Experience with SFTP or LFTP is not necessary, but you must be able to setup the required SSH configurations.

See **Automated** for details on how to avoid having to set up SSH configuration.

## Setup

A more user-friendly setup process, which facilitates both automated as well as interactive setup is currently in development. (**TODO**: Finish and describe the setup process)

### Installation

The package is available on PyPI. The recommended way to install and manage dependencies is using the lightning-fast [`uv`](https://docs.astral.sh/uv/) package manager:

```bash
# Add to your current project
uv add pyremotedata
```

Alternatively, you can use the `uv pip` interface or standard `pip`:

```bash
uv pip install pyremotedata
# or just
pip install pyremotedata
```

### Interactive

Simply follow the popup instructions that appear once you load the package for the first time.

### Automated

The automatic configuration setup relies on setting the correct environment variables **BEFORE LOADING THE PACKAGE**:

* `PYREMOTEDATA_REMOTE_USERNAME` : Should be set to your username on your remote service.
* `PYREMOTEDATA_REMOTE_URI` : Should be set to the URI of the endpoint for your remote service (e.g. for ERDA it is "io.erda.au.dk").
* `PYREMOTEDATA_REMOTE_DIRECTORY` : If you would like to set a default working directory, that is not the root of your remote storage, then set this to that (e.g. "/MY_PROJECT/DATASETS") otherwise simply set this to "/".
* `PYREMOTEDATA_AUTO` : Should be **set to "yes"** to disable interactive mode. If this is not set, or set to anything other than "yes" (not case-sensitive), while any of the prior environment variables are unset an error will be thrown.

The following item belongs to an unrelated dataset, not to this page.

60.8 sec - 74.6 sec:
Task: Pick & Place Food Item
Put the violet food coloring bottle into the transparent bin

The recommended way to avoid any SSH or environment variables setup is to use:

```python
from pyremotedata.implicit_mount import IOHandler
with IOHandler(lftp_settings = {'sftp:connect-program' : 'ssh -a -x -i <keyfile>'}, user = <USER>, remote = <REMOTE>) as io:
    ...
```

Here `keyfile` is probably something like `~/.ssh/id_rsa`.

### Example

If you want to test against a mock server simply follow the instructions in tests/README.

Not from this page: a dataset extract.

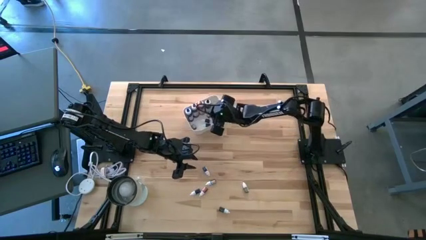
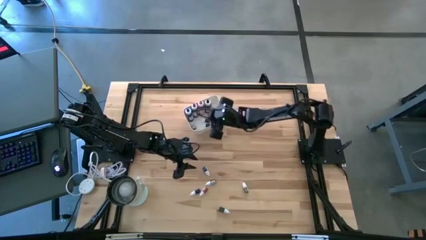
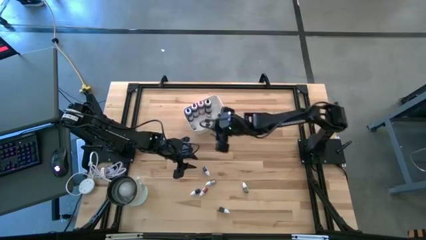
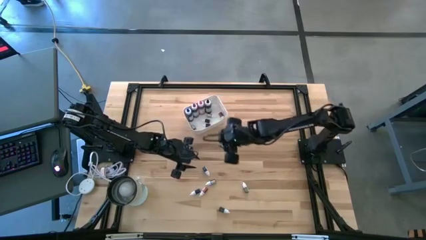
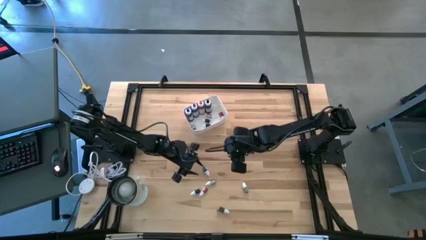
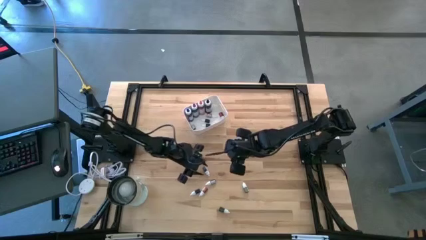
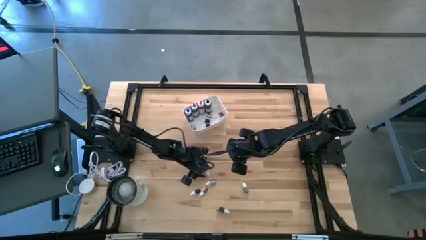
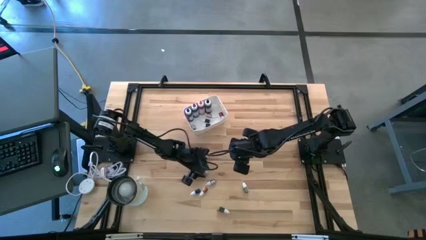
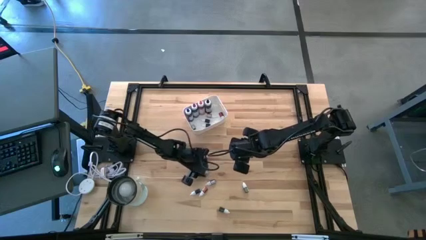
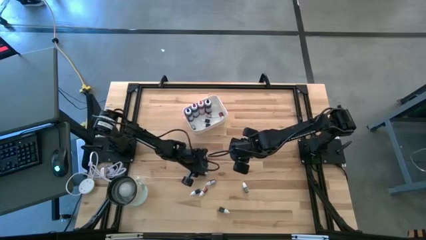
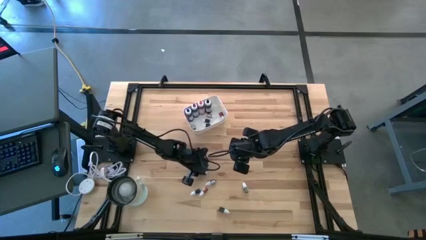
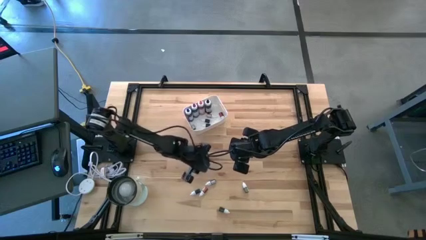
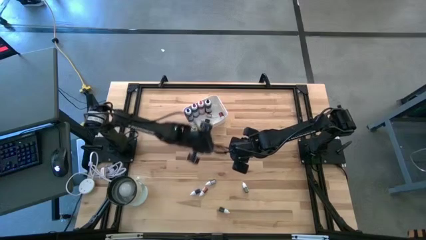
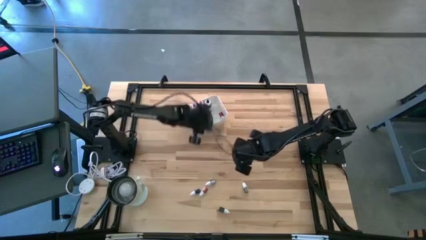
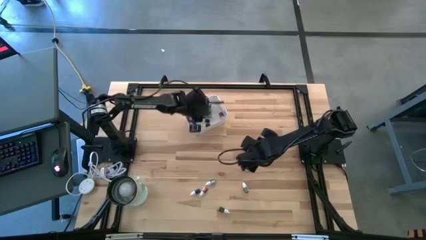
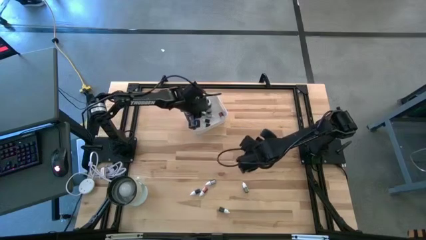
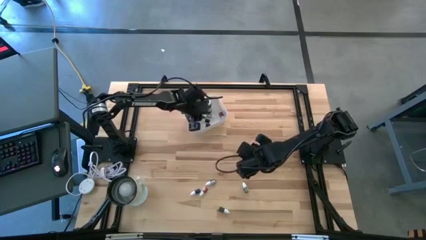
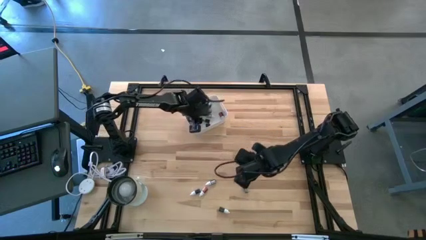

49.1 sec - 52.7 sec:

If you have a remote storage facility that supports SFTP and LFTP, then you can use the following example to test the functionality of the module:

```python
# Set the environment variables (only necessary in a non-interactive setting)
# If you are simply running this as a Python script, 
# you can omit these lines and you will be prompted to set them interactively
import os
os.environ["PYREMOTEDATA_REMOTE_USERNAME"] = "username"
os.environ["PYREMOTEDATA_REMOTE_URI"] = "storage.example.com"
os.environ["PYREMOTEDATA_REMOTE_DIRECTORY"] = "/MY_PROJECT/DATASETS"
os.environ["PYREMOTEDATA_AUTO"] = "yes"

from pyremotedata.implicit_mount import IOHandler

handler = IOHandler()

with handler as io:
    print(io.ls())
    local_file = io.download("/remote/file/or/directory")

# The configuration is persistent, but can be removed using the following:
from pyremotedata.config import remove_config
remove_config()
```

## Issues

This module is certainly not maximally efficient, and you may run into network- or OS-specific issues. Any and all feedback and contributions is highly appreciated.